__RECORDED INFORMATION__:
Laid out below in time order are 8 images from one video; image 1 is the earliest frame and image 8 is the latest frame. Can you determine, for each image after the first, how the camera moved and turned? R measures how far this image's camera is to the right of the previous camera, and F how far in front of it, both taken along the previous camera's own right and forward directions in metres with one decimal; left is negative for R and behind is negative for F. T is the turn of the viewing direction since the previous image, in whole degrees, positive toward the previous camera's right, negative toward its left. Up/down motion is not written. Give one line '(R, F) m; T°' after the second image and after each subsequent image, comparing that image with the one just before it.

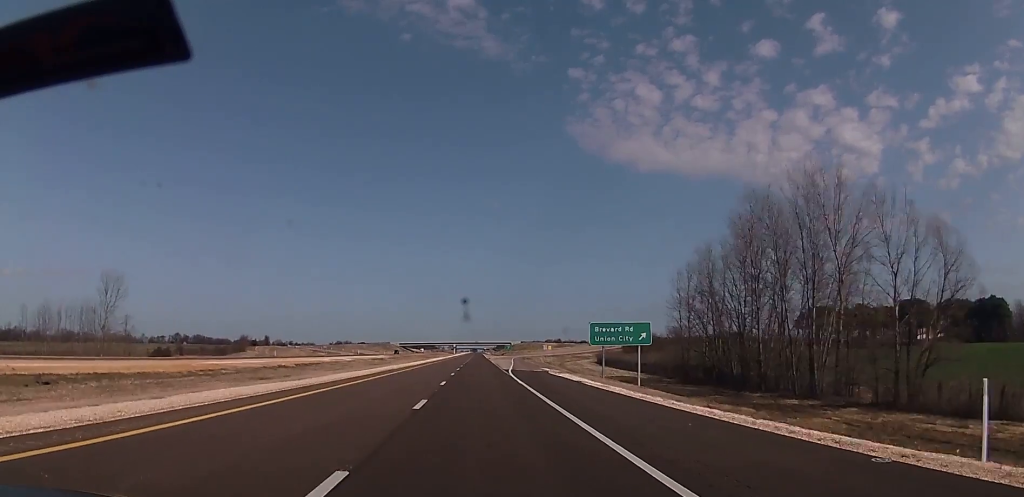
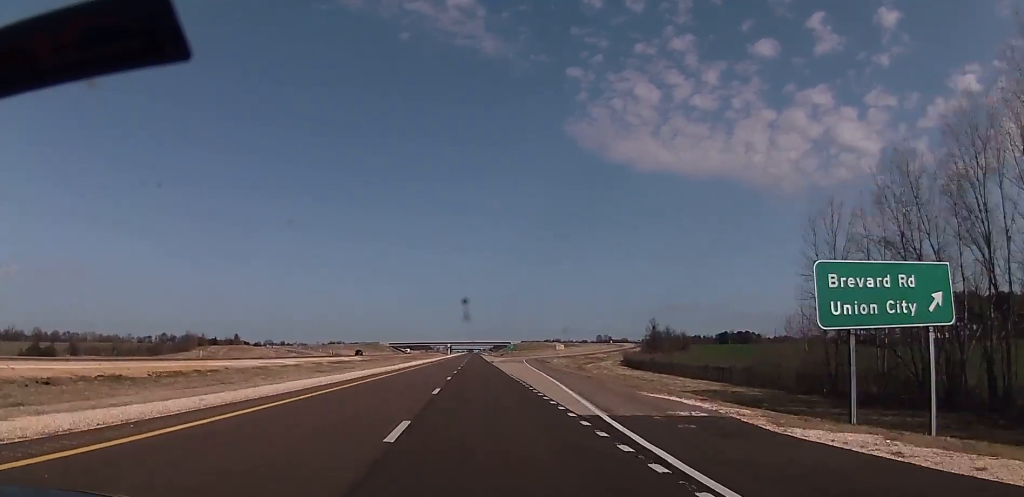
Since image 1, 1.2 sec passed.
(-0.5, +42.7) m; 0°
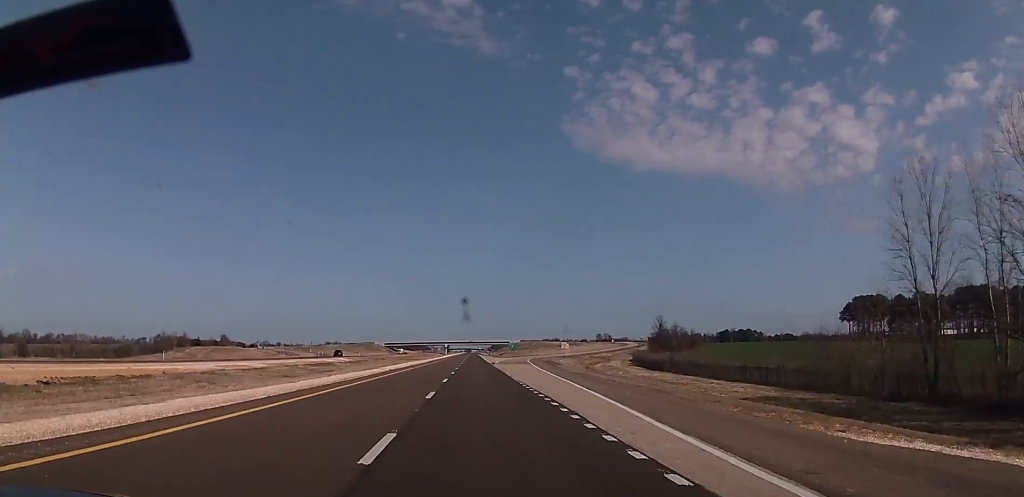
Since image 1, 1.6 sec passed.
(+0.2, +14.3) m; 0°
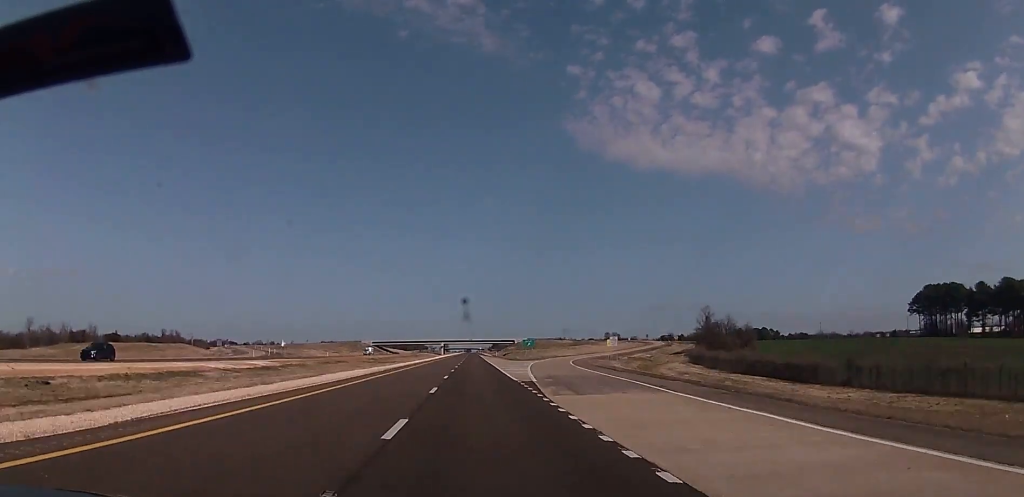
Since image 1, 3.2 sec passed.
(-0.1, +58.7) m; +1°
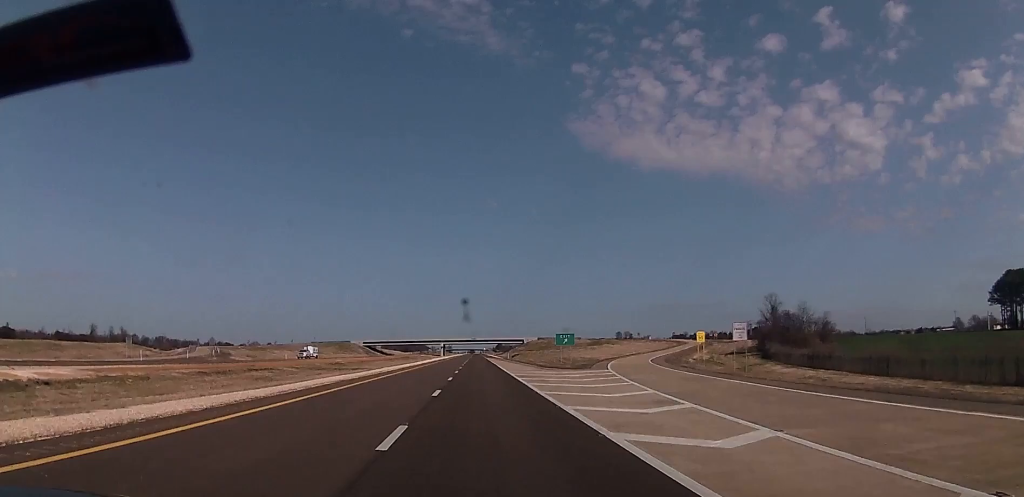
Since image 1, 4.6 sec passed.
(+0.8, +50.0) m; 0°
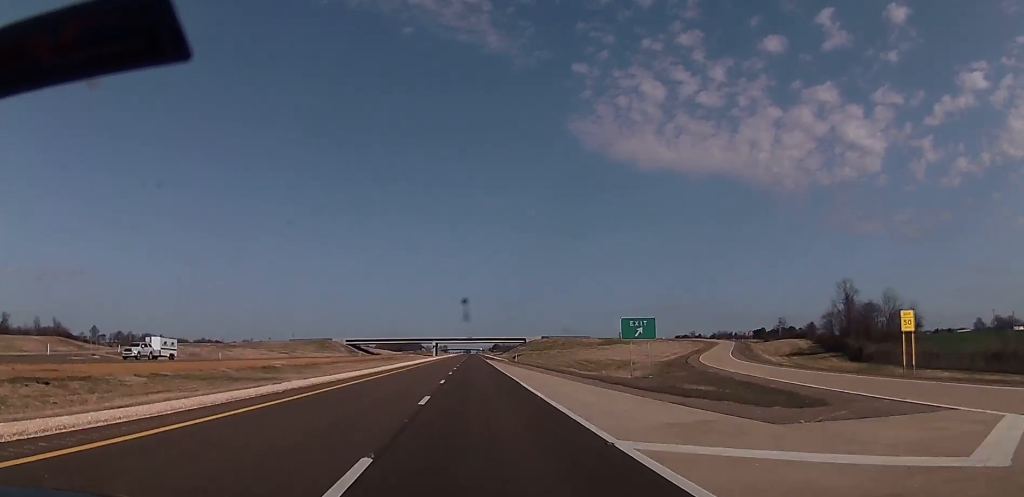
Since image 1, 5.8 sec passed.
(-0.3, +40.5) m; 0°
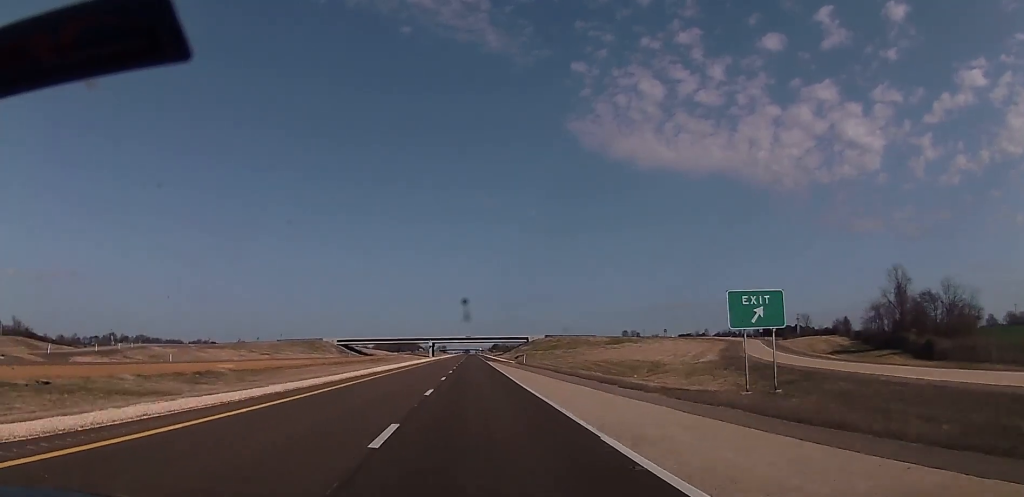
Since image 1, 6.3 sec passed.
(0.0, +20.3) m; 0°
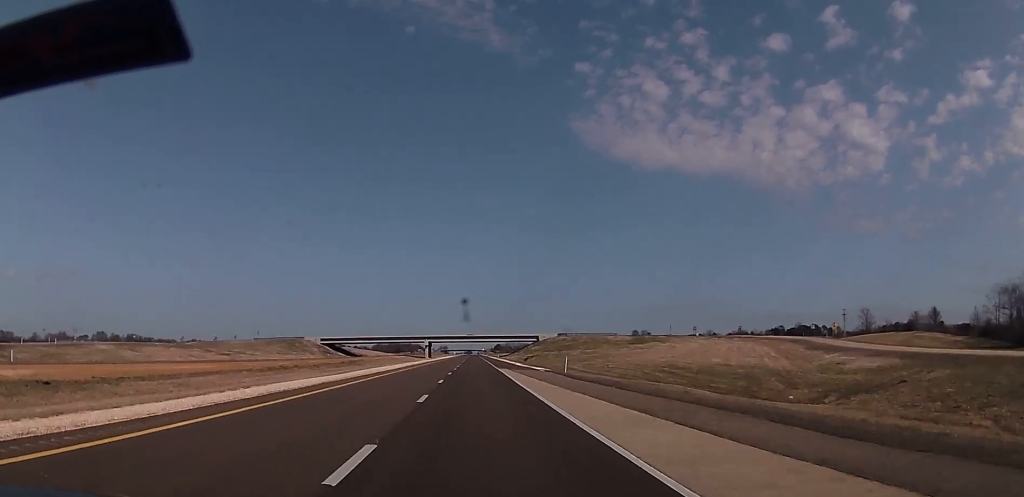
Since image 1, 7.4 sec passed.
(0.0, +39.4) m; 0°

__WHAT IS EXPECTED__: Your reply should hold exactly the lines from the line containing "Since image 1, 6.3 sec passed." through the final line of the listing, and none of the pictures.

__EXERCISE RESPONSE__:
Since image 1, 6.3 sec passed.
(0.0, +20.3) m; 0°
Since image 1, 7.4 sec passed.
(0.0, +39.4) m; 0°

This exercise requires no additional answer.